By Irina Slav - Apr 06, 2022, 7:00 PM CDT

  • Massive SPR release news sent prices back below $100 per barrel.
  • Expected declines in Russian exports and possible sanctions on its crude exports may lift prices again.
  • Coal prices jumped following the news of a coal import ban on Russia.

The European Union seems to be warming to the idea of direct sanctions on Russia’s energy industry, slapping a ban on imports of coal for starters. The United States is releasing 180 million barrels of crude, and several IEA members are releasing another 60+ million barrels. And Saudi Arabia just hiked its prices for all buyers. Much higher oil prices may be around the corner.

When a few months ago analysts were seemingly trying to out-forecast each other on crude oil prices, the most commonly cited bullish factors were OPEC+’s unwillingness to boost production by more than originally agreed while demand for oil continued strong.

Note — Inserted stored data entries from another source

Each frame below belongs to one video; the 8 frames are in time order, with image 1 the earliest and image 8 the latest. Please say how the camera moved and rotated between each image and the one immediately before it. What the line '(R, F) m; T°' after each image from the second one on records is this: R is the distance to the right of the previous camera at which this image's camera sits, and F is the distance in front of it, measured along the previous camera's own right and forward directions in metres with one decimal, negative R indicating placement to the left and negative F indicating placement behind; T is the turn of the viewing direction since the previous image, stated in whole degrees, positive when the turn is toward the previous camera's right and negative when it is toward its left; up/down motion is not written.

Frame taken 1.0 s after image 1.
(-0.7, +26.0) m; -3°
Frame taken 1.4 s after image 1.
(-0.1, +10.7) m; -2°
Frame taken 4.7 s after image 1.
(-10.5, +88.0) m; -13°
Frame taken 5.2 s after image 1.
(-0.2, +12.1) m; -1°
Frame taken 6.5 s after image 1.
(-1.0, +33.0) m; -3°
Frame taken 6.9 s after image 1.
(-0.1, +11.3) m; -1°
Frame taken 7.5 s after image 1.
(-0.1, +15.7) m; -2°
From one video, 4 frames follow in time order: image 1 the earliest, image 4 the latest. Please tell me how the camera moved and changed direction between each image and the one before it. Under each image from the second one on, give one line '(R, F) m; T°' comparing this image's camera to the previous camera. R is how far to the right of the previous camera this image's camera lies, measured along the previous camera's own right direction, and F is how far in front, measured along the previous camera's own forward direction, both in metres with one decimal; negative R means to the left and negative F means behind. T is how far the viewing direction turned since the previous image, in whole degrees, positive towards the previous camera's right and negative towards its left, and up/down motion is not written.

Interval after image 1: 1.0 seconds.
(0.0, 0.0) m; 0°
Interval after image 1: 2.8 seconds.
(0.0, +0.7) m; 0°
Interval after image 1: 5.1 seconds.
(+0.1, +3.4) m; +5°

Now, all the news appears to be on the war in Ukraine, and the main bullish factor for oil is the expected continued decline in Russian oil exports. The country is[ the largest] exporter of crude oil and oil products and a big supplier to the European Union, which explains the EU’s reluctance to directly target its energy industry. Yet pressure is growing on Brussels to do just that, and with coal already on the sanction list, it’s probably only a matter of time before oil becomes a target, too. When this happens, Brent may well top $120 and stay there.

In the meantime, the United States has publicly stated it had banned all Russian oil and fuel imports, but in fact, the ban is only coming into effect[ on April 22], and in the meantime, the U.S. is stocking up on Russian oil and products.

Per data from the Energy Information Administration, in the week to March 25, the U.S.[imported] an average of 100,000 barrels of Russian oil and fuels, up from 70,000 bpd in the previous week and zero barrels daily a month earlier.

While all this was happening, oil prices dipped after the announcement of the U.S. SPR release, with West Texas Intermediate even falling below $100 per barrel. Yet the dip was only a brief one, and prices are once again above $100 as fundamentals reassert themselves after the initial market reaction to the Biden administration’s decision for the reserve release.

Now, prices are likely to continue climbing, just like they did after the first Biden SPR release last year, again in an attempt to put a lid on retail fuel prices. At the time, prices reacted with a dip immediately after the news and then rebounded as emotions gave way to facts.

These included the one that oil grades to be released from the reserve were not the ones refiners needed to boost their fuel production and the one that a reserve release can only provide temporary relief at the pump without actually fixing the supply problem.

Now, the release is massive in comparison to the first one. It would amount to 1 million bpd over a period of six months. Theoretically, this would cover a third of the Russian oil export dip as predicted by the IEA. In practice, traders have probably already started to worry about how the administration will replenish the SPR after the release and what that would do to oil prices.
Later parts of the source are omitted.